In March 2018 it was the sixteenth worst performer in A&E in England, with only 63.2% of patients in the main A&E seen within 4 hours.

==Management==
In May 2014 Frank Field MP alleged that close relationships between senior members of the Wirral Clinical Commissioning Group (CCG) and the Trust may have dented the "independence" and "integrity" of local health services. Writing to the Secretary of State that "Arrowe Park[sic] has a long history of not being able properly to manage its budget. It regularly looks around for further funds to which it demands almost immediate access but is unprepared to make any efforts at reforming its own practices. Closures, sackings and loss of patient services has been its traditional negative stance. The CCG therefore has the near impossible task of winning reform in the face of these negotiating tactics."

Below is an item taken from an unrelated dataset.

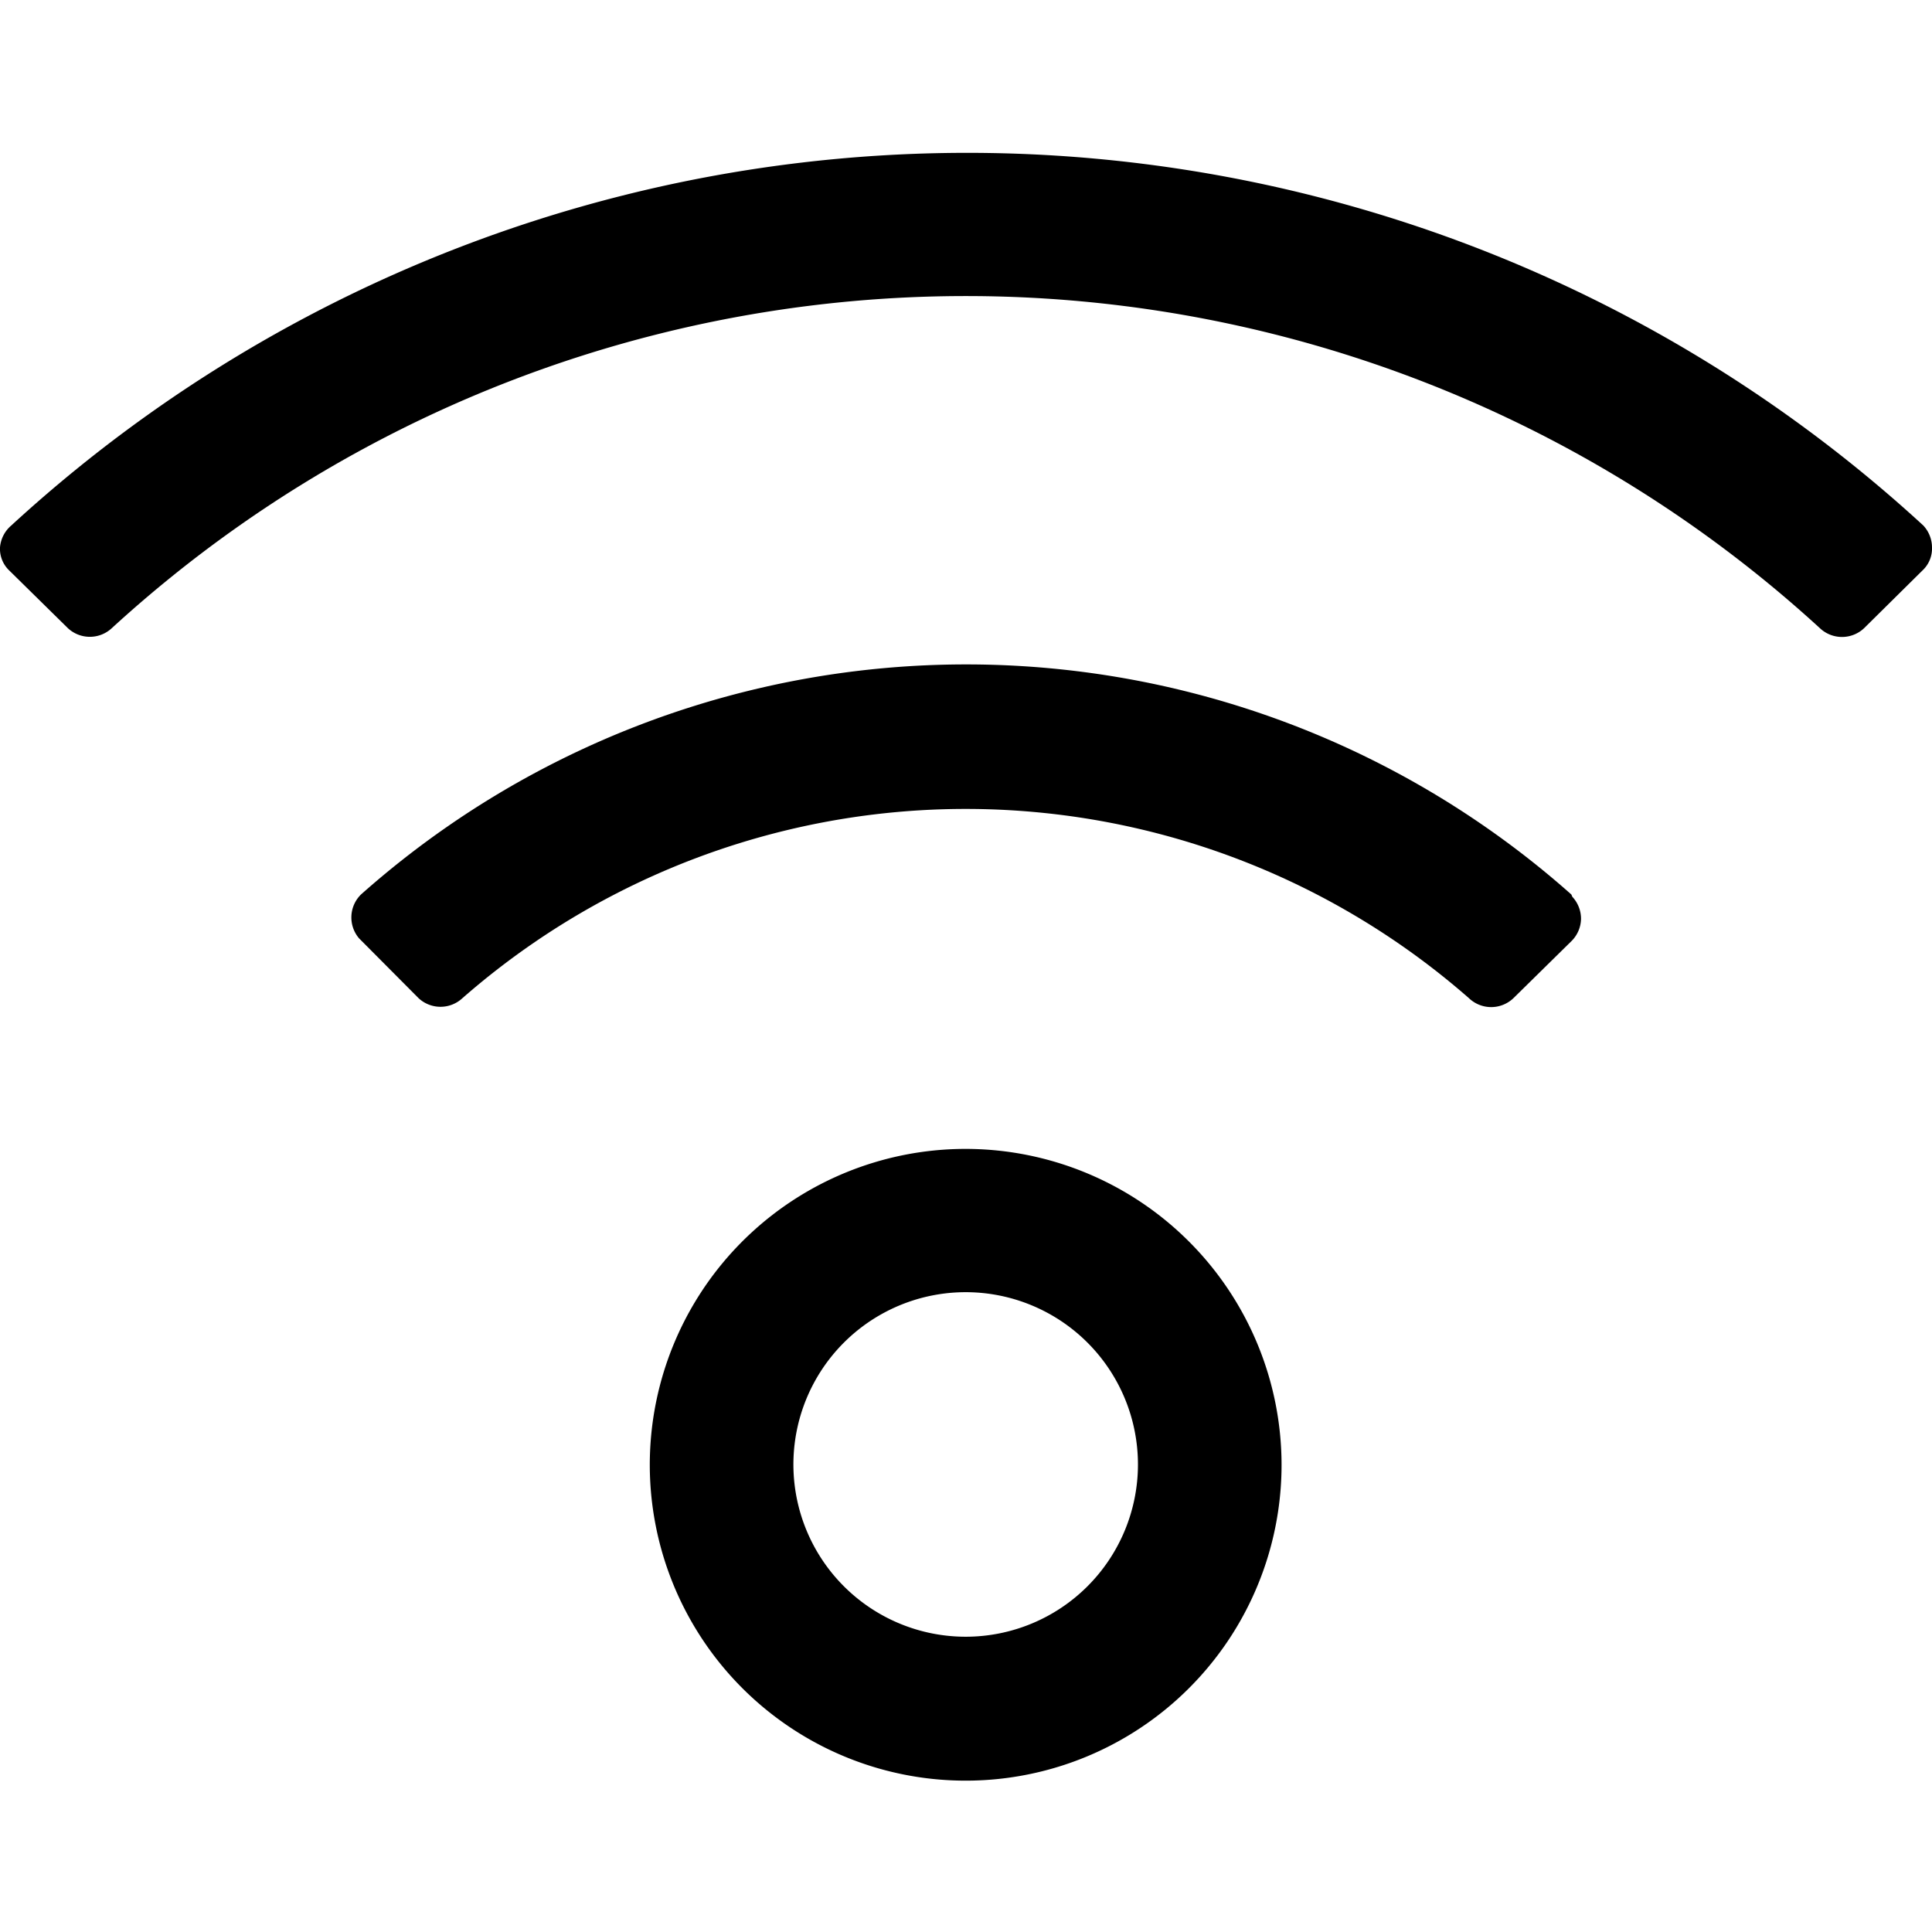 <svg id="wireless" xmlns="http://www.w3.org/2000/svg" viewBox="0 0 60 60"><g><path d="M30,35.68a9.81,9.81,0,1,0,9.8,9.81A9.82,9.82,0,0,0,30,35.68Zm0,15.15a5.35,5.35,0,1,1,5.34-5.34A5.35,5.35,0,0,1,30,50.83Z"/><path class="cls-1" d="M59.73,16.32l0,0a43.87,43.87,0,0,0-59.38,0l0,0A1,1,0,0,0,0,17a.93.93,0,0,0,.26.69l1.85,1.82a1,1,0,0,0,1.36,0,39.26,39.26,0,0,1,53.05,0,1,1,0,0,0,1.37,0l1.81-1.79A.93.93,0,0,0,60,17,1,1,0,0,0,59.73,16.32Z"/><path class="cls-1" d="M48.8,27.78a28.29,28.29,0,0,0-37.59,0,1,1,0,0,0-.06,1.36h0s0,0,0,0L13,31a1,1,0,0,0,1.36,0,23.72,23.72,0,0,1,31.26,0A1,1,0,0,0,47,31l1.81-1.78a1,1,0,0,0,.29-.68,1,1,0,0,0-.27-.69Z"/></g></svg>

As a result of this complaint, NHS England launched a Capability and Governance review of the Wirral Clinical Commissioning Group. Published in August 2014; the review found evidence of a "poor relationship between the CCG and Wirral University Teaching Hospital Foundation Trust". As result, both the Chair of the CCG, and the CCG's Chief Clinical Officer resigned in December 2014; having already voluntarily stepped aside in the May of that year.

In December 2017 David Allison, the chief executive, left with immediate effect after four executive directors had complained to NHS Improvement about the misrepresentation of executives’ views to governors and a culture of staff not speaking up because they believed the trust chair Michael Carr was unwilling to act. A subsequent NHSI investigation was carried out which identified governance issues and a breakdown of communication between all elements of the Board. Palaniappan Saravanan, a consultant cardiologist was dismissed for gross misconduct in November 2017.

In February 2018 Dr John Coakley, who was formerly medical director at Homerton University Hospital NHS Foundation Trust, resigned as a non-executive director, a position to which he was appointed in July 2017. It was reported that "There has been a total and complete breakdown of relationships and governance".

==Global Digital Exemplar==
In September 2016, the trust was selected by NHS England as one of twelve Global Digital Exemplars.